Data extracted from a collection:
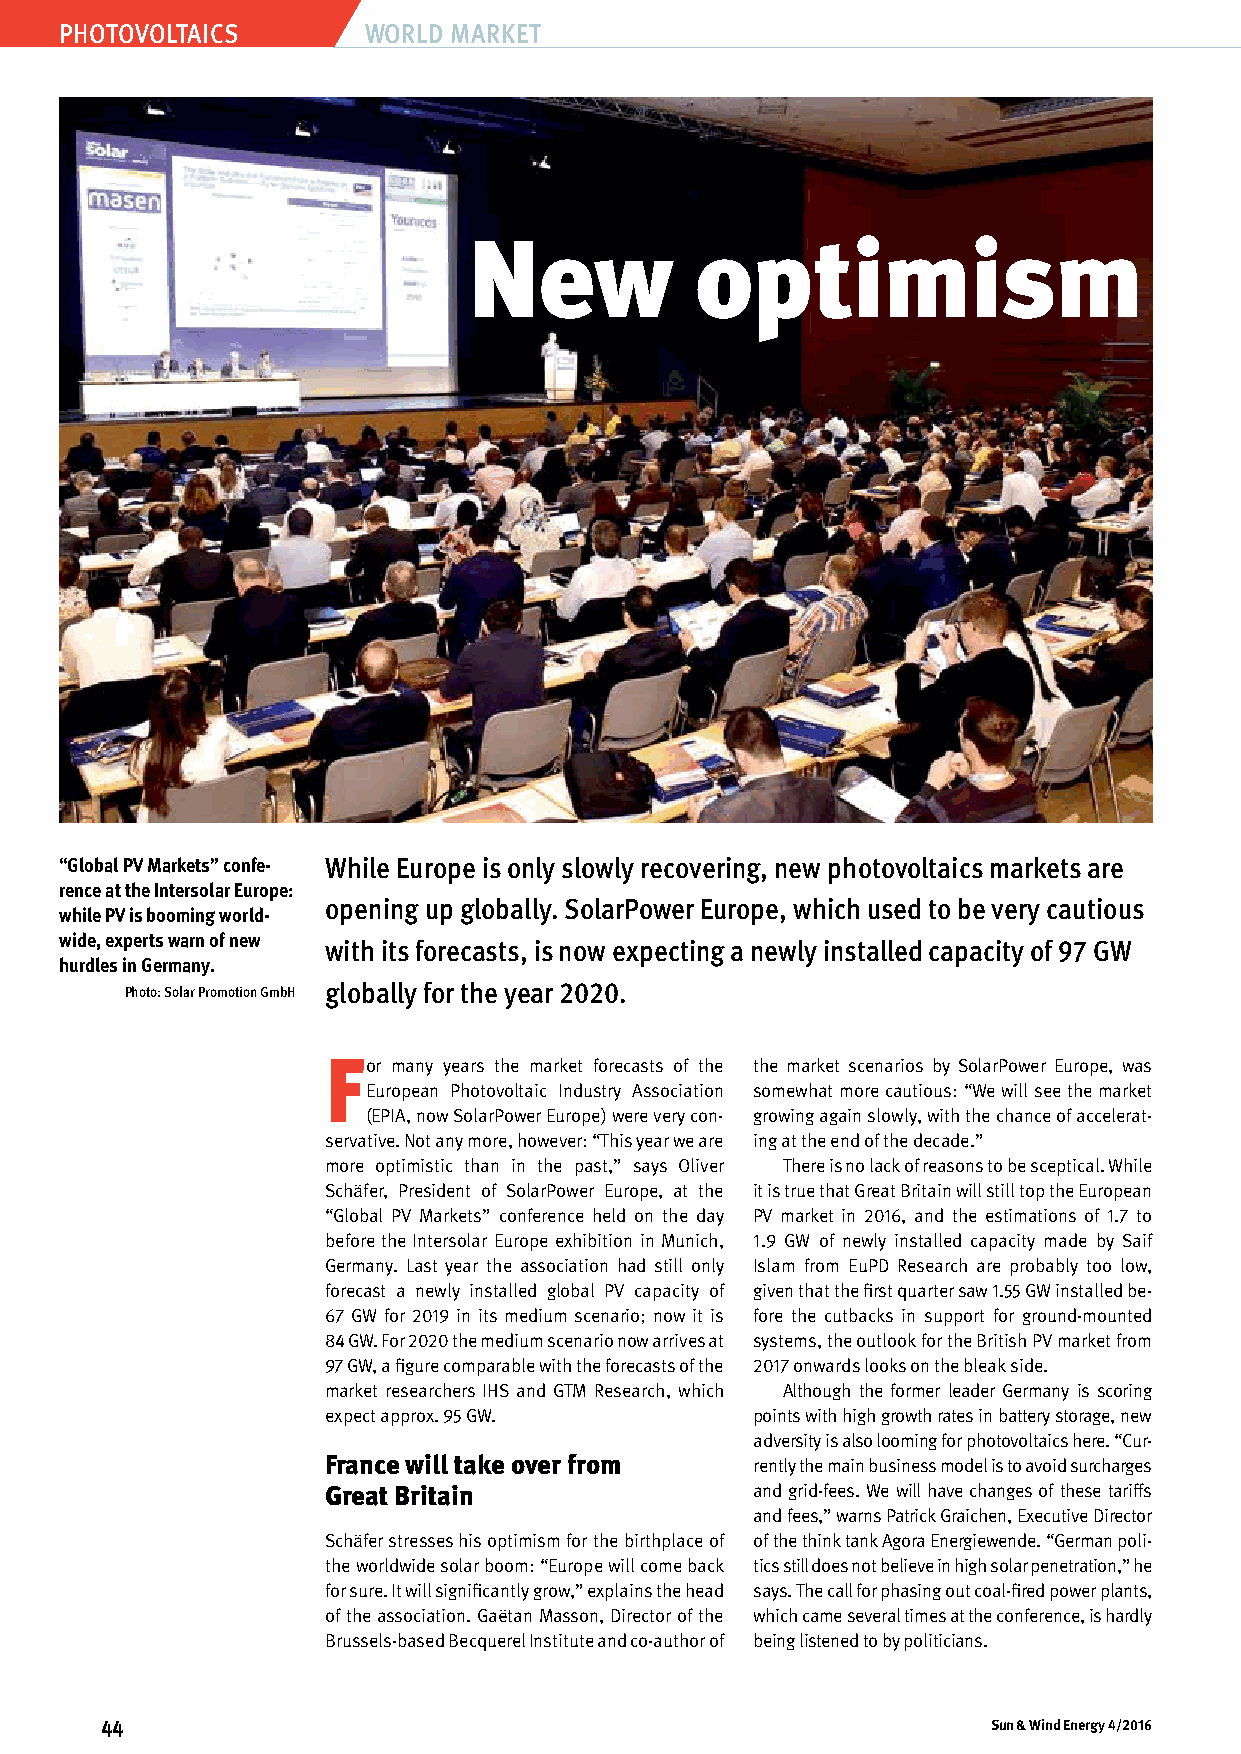
Photovoltaics       world market
 New            optimism
 “Global PV Markets” confe- While Europe is only slowly recovering, new photovoltaics markets are
 rence at the Intersolar Europe:
 opening up globally. SolarPower Europe, which used to be very cautious
 while PV is booming world-
 wide, experts warn of new
 with its forecasts, is now expecting a newly installed capacity of 97 GW
 hurdles in Germany.
 Photo: Solar Promotion GmbH globally for the year 2020.
 For many years the market forecasts of the the market scenarios by SolarPower Europe, was
 European Photovoltaic Industry Association somewhat more cautious: “We will see the market
 (EPIA, now SolarPower Europe) were very con- growing again slowly, with the chance of accelerat-
 servative. Not any more, however: “This year we are ing at the end of the decade.”
 more optimistic than in the past,” says Oliver There is no lack of reasons to be sceptical. While
 Schäfer, President of SolarPower Europe, at the it is true that Great Britain will still top the European
 “G lobal PV Markets” conference held on the day PV market in 2016, and the estimations of 1.7 to
 before the Intersolar Europe exhibition in Munich, 1.9 GW of newly installed capacity made by Saif
 Germany. Last year the association had still only Islam from EuPD Research are probably too low,
 forecast a newly installed global PV capacity of given that the first quarter saw 1.55 GW installed be-
 67 GW for 2019 in its medium scenario; now it is fore the cutbacks in support for ground-mounted
 84 GW. For 2020 the medium scenario now arrives at systems, the outlook for the British PV market from
 97 GW, a figure comparable with the forecasts of the 2017 onwards looks on the bleak side.
 market researchers IHS and GTM Research, which Although the former leader Germany is scoring
 expect approx. 95 GW.       points with high growth rates in battery storage, new
 adversity is also looming for photovoltaics here. “Cur-
 France will take over from  rently the main business model is to avoid surcharges
 Great Britain               and grid-fees. We will have changes of these tariffs
 and fees,” warns Patrick Graichen, Executive Director
 Schäfer stresses his optimism for the birthplace of of the think tank Agora Energiewende. “G erman poli-
 the worldwide solar boom: “Europe will come back tics still does not believe in high solar penetration,” he
 for sure. It will significantly grow,” explains the head says. The call for phasing out coal-fired power plants,
 of the association. Gaëtan Masson, Director of the which came several times at the conference, is hardly
 Brussels-based Becquerel Institute and co-author of being listened to by politicians.
 44                                                         Sun & Wind Energy 4/2016

● **GOAL OF THE EXERCISE**
Search the data for the word "forecasts" and copy each line where it appears.

● **FINISHED EXERCISE**
 with its forecasts, is now expecting a newly installed capacity of 97 GW
 For many years the market forecasts of the the market scenarios by SolarPower Europe, was
 97 GW, a figure comparable with the forecasts of the 2017 onwards looks on the bleak side.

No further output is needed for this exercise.